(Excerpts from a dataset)
=== Section Start ===

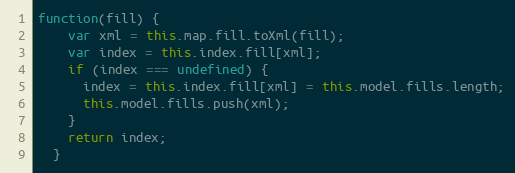
Language: JavaScript
function(fill) {
    var xml = this.map.fill.toXml(fill);
    var index = this.index.fill[xml];
    if (index === undefined) {
      index = this.index.fill[xml] = this.model.fills.length;
      this.model.fills.push(xml);
    }
    return index;
  }
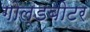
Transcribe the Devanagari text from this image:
गोल्डबीटर
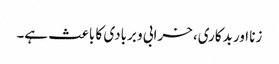
زنا اور بدکاری، خرابی و بربادی کا باعث ہے۔
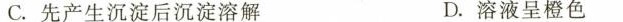
C.先产生沉淀后沉淀溶解 D.溶液呈橙色
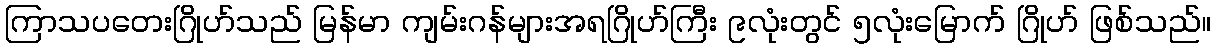
ကြာသပတေးဂြိုဟ်သည် မြန်မာ ကျမ်းဂန်များအရဂြိုဟ်ကြီး ၉လုံးတွင် ၅လုံးမြောက် ဂြိုဟ် ဖြစ်သည်။
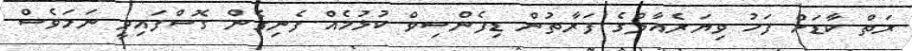
ރަތް ކާޑަށް ފަހު ވިޔަރެއާލްގެ ފަރާތުން ޑިފެންސިވް ކުޅުމެއް ފެނިގެން ގޮސްފައިވީ ނަމަވެސް
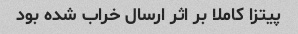
پیتزا کاملا بر اثر ارسال خراب شده بود
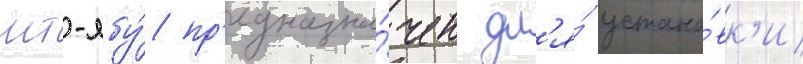
мт-лбу́ пр'едназна́чен дл'я́ устано́вк'и
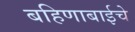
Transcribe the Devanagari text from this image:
बहिणाबाईचे
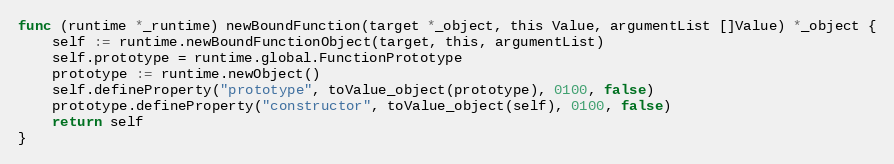
Language: Go
func (runtime *_runtime) newBoundFunction(target *_object, this Value, argumentList []Value) *_object {
	self := runtime.newBoundFunctionObject(target, this, argumentList)
	self.prototype = runtime.global.FunctionPrototype
	prototype := runtime.newObject()
	self.defineProperty("prototype", toValue_object(prototype), 0100, false)
	prototype.defineProperty("constructor", toValue_object(self), 0100, false)
	return self
}
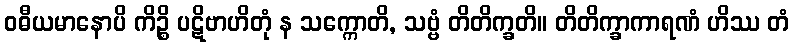
ဝဓီယမာနောပိ ကိဉ္စိ ပဋိဗာဟိတုံ န သက္ကောတိ, သဗ္ဗံ တိတိက္ခတိ။ တိတိက္ခာကာရဏံ ဟိဿ တံ
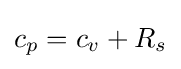
c_{p}=c_{v}+R_{s}
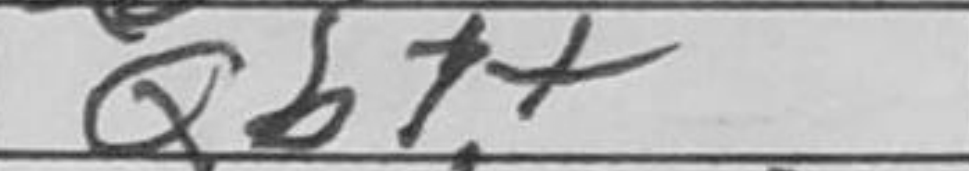
Transcription: Qb7+
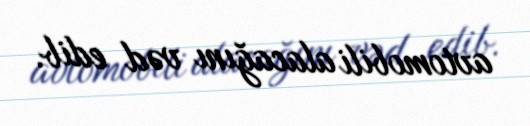
avtomobili alacağını vəd edib.
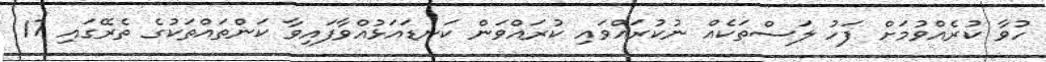
ހުވާ ކުރެއްވުމަށް ފަހު ލަސްތަކެއް ނުކުރައްވައި ކުރައްވަން ކަނޑައަޅުއްވާފައިވާ ކަންތައްތަކުގެ ތެރޭގައި 17
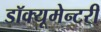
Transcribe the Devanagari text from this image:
डॉक्यूमेन्टरी
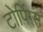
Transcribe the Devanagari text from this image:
टोपिंग्स
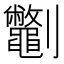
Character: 𫦣
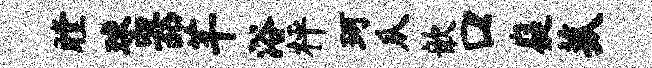
瞠球器芊浴枰珂瓜歆口嶷菰
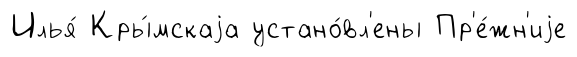
Илья́ Кры́мскаjа устано́вл'ены Пр'е́жн'иjе
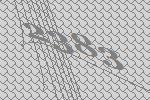
2383
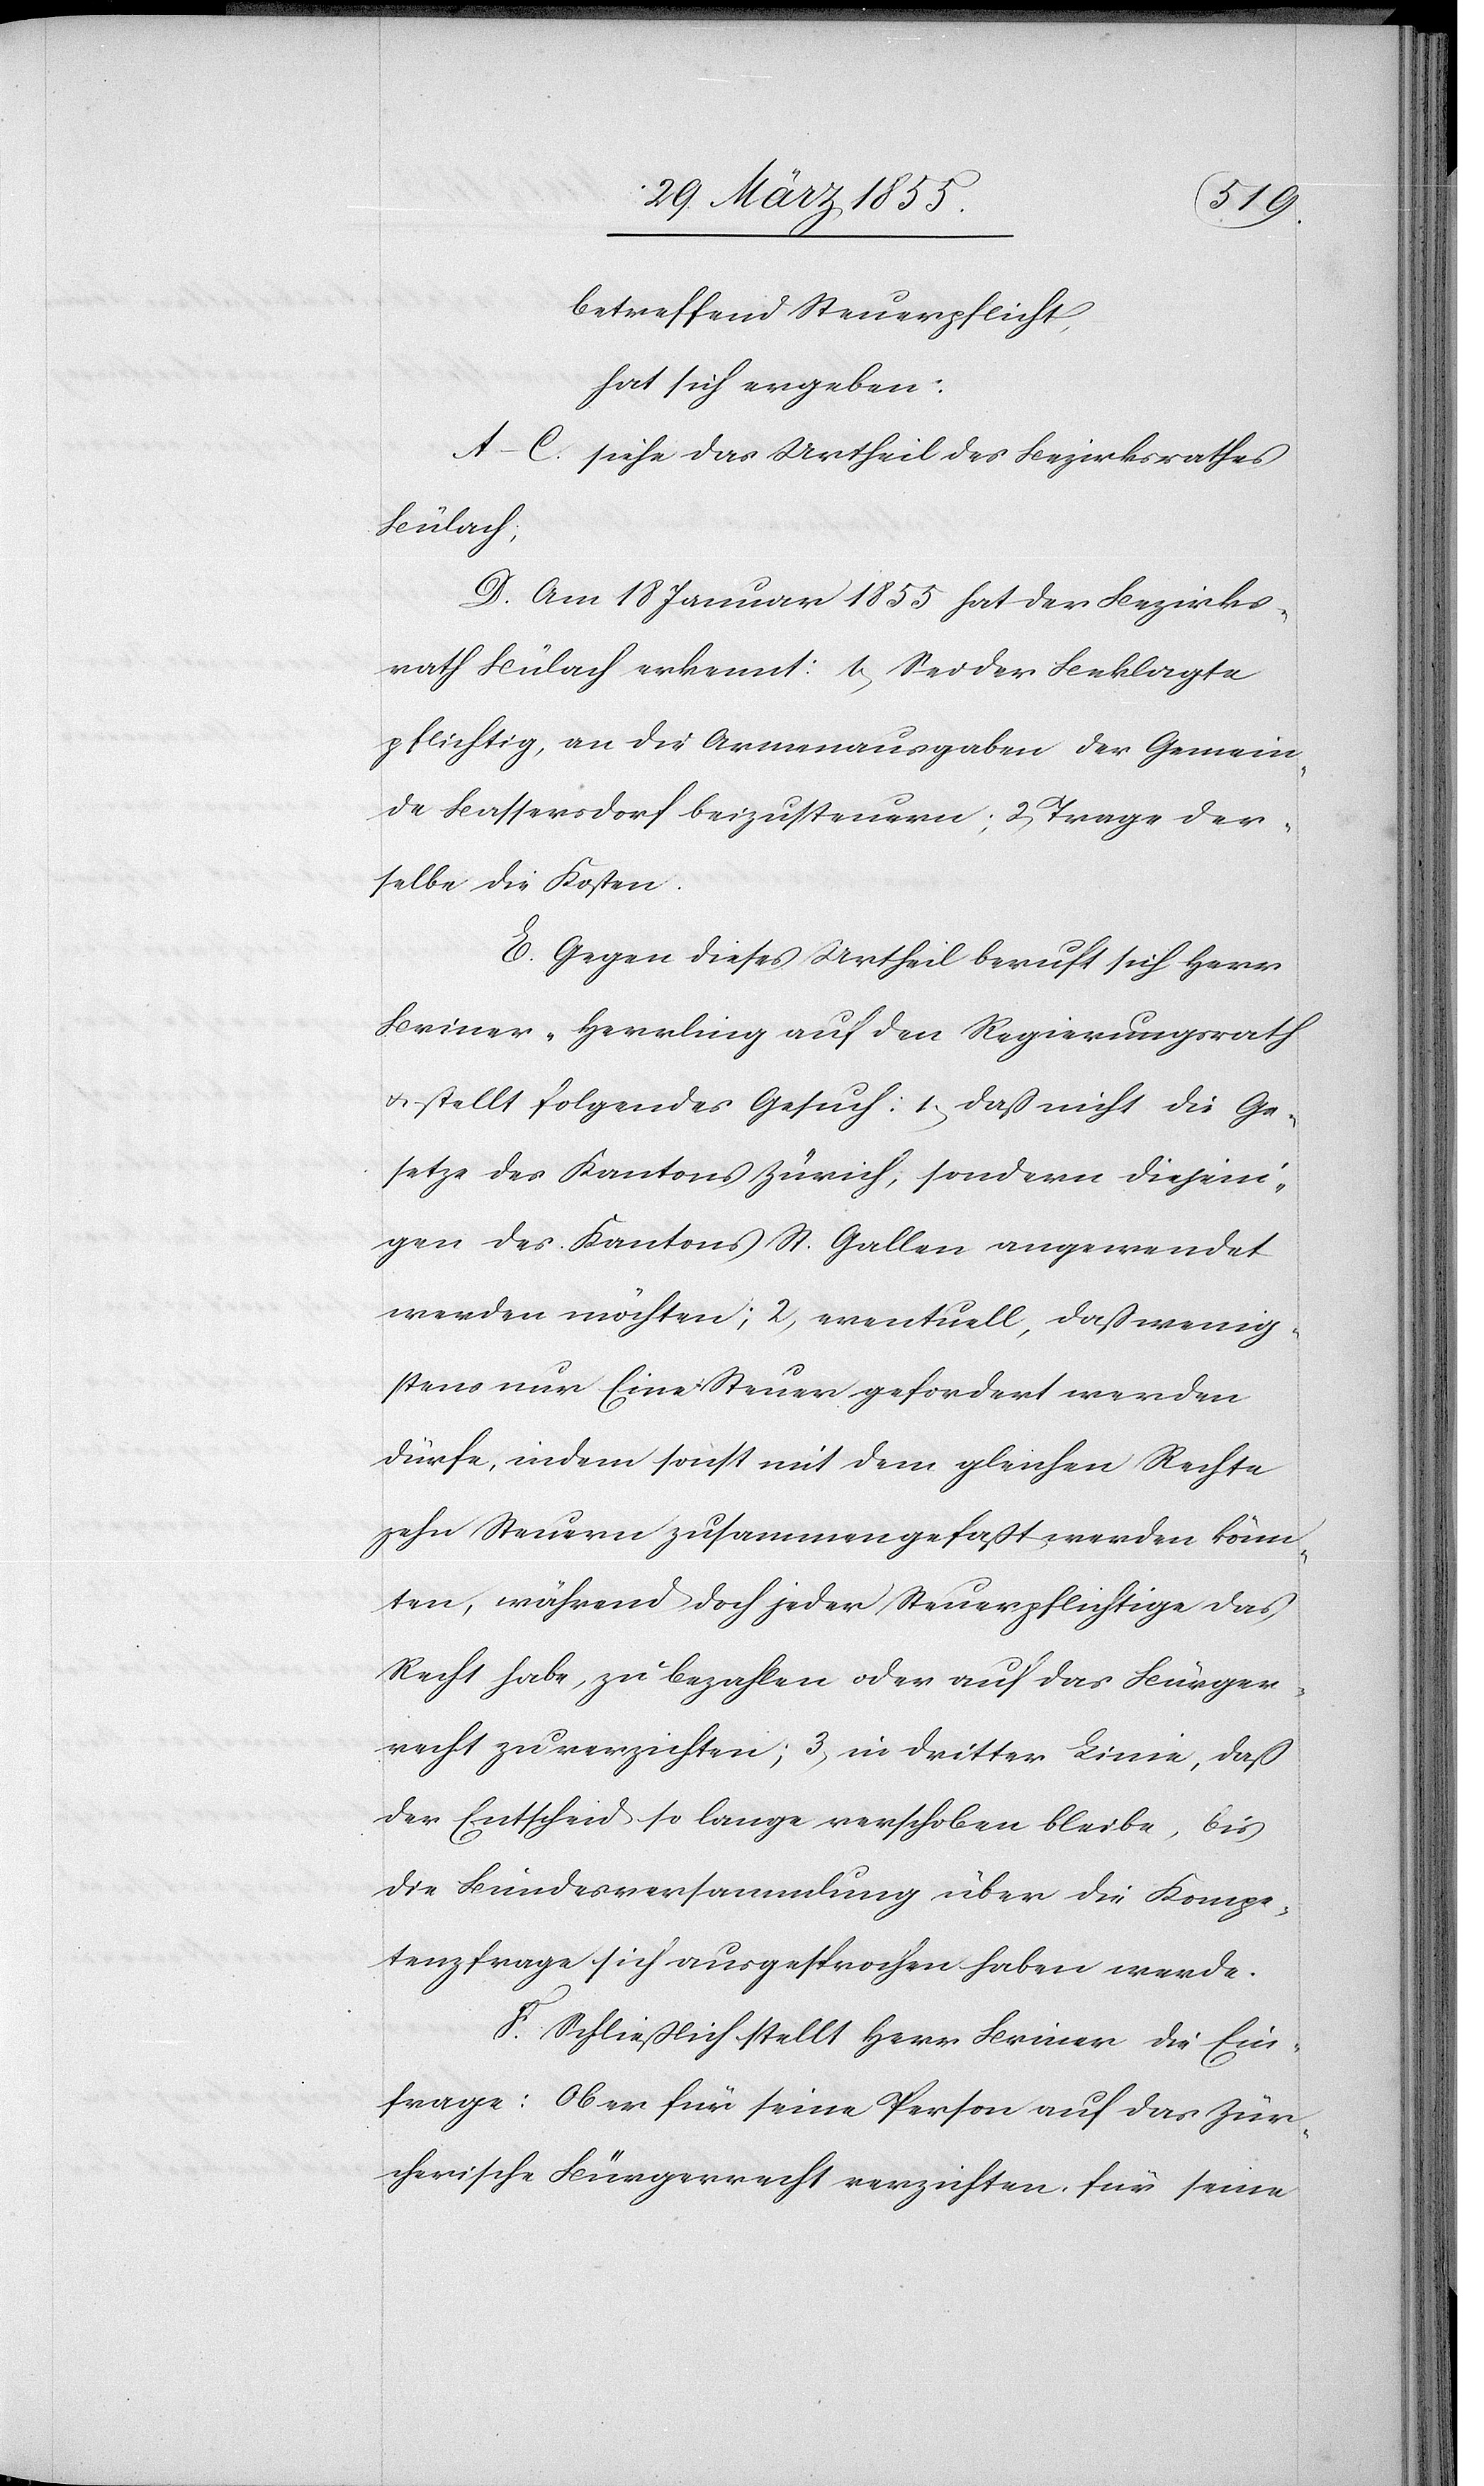
betreffend Steuerpflicht,
hat sich ergeben:
A.–C. siehe das Urtheil des Bezirksrathes
Bülach;
D. Am 18 Januar 1855 hat der Bezirks¬
rath Bülach erkennt: 1, Sei der Beklagte
pflichtig, an die Armenausgaben der Gemein¬
de Bassersdorf beizusteuern; 2, Trage der¬
selbe die Kosten.
E. Gegen dieses Urtheil beruft sich Herr
Briner-Herrling auf den Regierungsrath
& stellt folgendes Gesuch: 1, daß nicht die Ge¬
setze des Kantons Zürich, sondern diejeni¬
gen des Kantons St. Gallen angewendet
werden möchten; 2, eventuell, daß wenig¬
stens nur Eine Steuer gefordert werden
dürfe, indem sonst mit dem gleichen Rechte
zehn Steuern zusammengefaßt werden könn¬
ten, während doch jeder Steuerpflichtige das
Recht habe, zu bezahlen oder auf das Bürger¬
recht zu verzichten; 3, in dritter Linie, daß
der Entscheid so lange verschoben bleibe, bis
die Bundesversammlung über die Kompe¬
tenzfrage sich ausgesprochen haben werde.
F. Schließlich stellt Herr Briner die Ein¬
frage: Ob er für seine Person auf das Zür¬
cherische Bürgerrecht verzichten, für seine
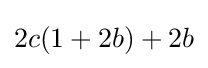
2c(1+2b)+2b
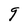
Character: g
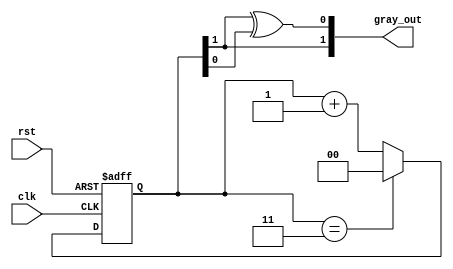
module gray_code_counter (
    input wire clk,          // Clock signal
    input wire rst,          // Asynchronous reset signal
    output reg [1:0] gray_out // 2-bit Gray Code output
);

    // Internal binary counter
    reg [1:0] binary_count; // 2-bit binary counter

    // Gray Code conversion function
    function [1:0] binary_to_gray;
        input [1:0] binary;
        begin
            binary_to_gray[1] = binary[1]; // MSB remains the same
            binary_to_gray[0] = binary[1] ^ binary[0]; // XOR for the lower bit
        end
    endfunction

    // Always block for counter operation
    always @(posedge clk or posedge rst) begin
        if (rst) begin
            binary_count <= 2'b00; // Reset binary counter to 0
        end else begin
            binary_count <= binary_count + 1; // Increment binary counter
            if (binary_count == 2'b11) begin
                binary_count <= 2'b00; // Wrap around when max value is reached
            end
        end
    end

    // Update Gray Code output
    always @(*) begin
        gray_out = binary_to_gray(binary_count); // Convert binary to Gray Code
    end

endmodule
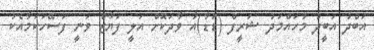
އަބްދު އަބީދު މުހައްމަދު ޝަރީފް (ޑަޑާ)އާ ވާދަކޮށް އަލީ ފަޔާޒް ވަނީ ފަސޭހަކަމާއެކު

=== Section End ===

> [WHAT IS NEEDED]:
Using the records above, select and copy every line that has the word "runtime".

> [WRITTEN REPLY]:
func (runtime *_runtime) newBoundFunction(target *_object, this Value, argumentList []Value) *_object {
	self := runtime.newBoundFunctionObject(target, this, argumentList)
	self.prototype = runtime.global.FunctionPrototype
	prototype := runtime.newObject()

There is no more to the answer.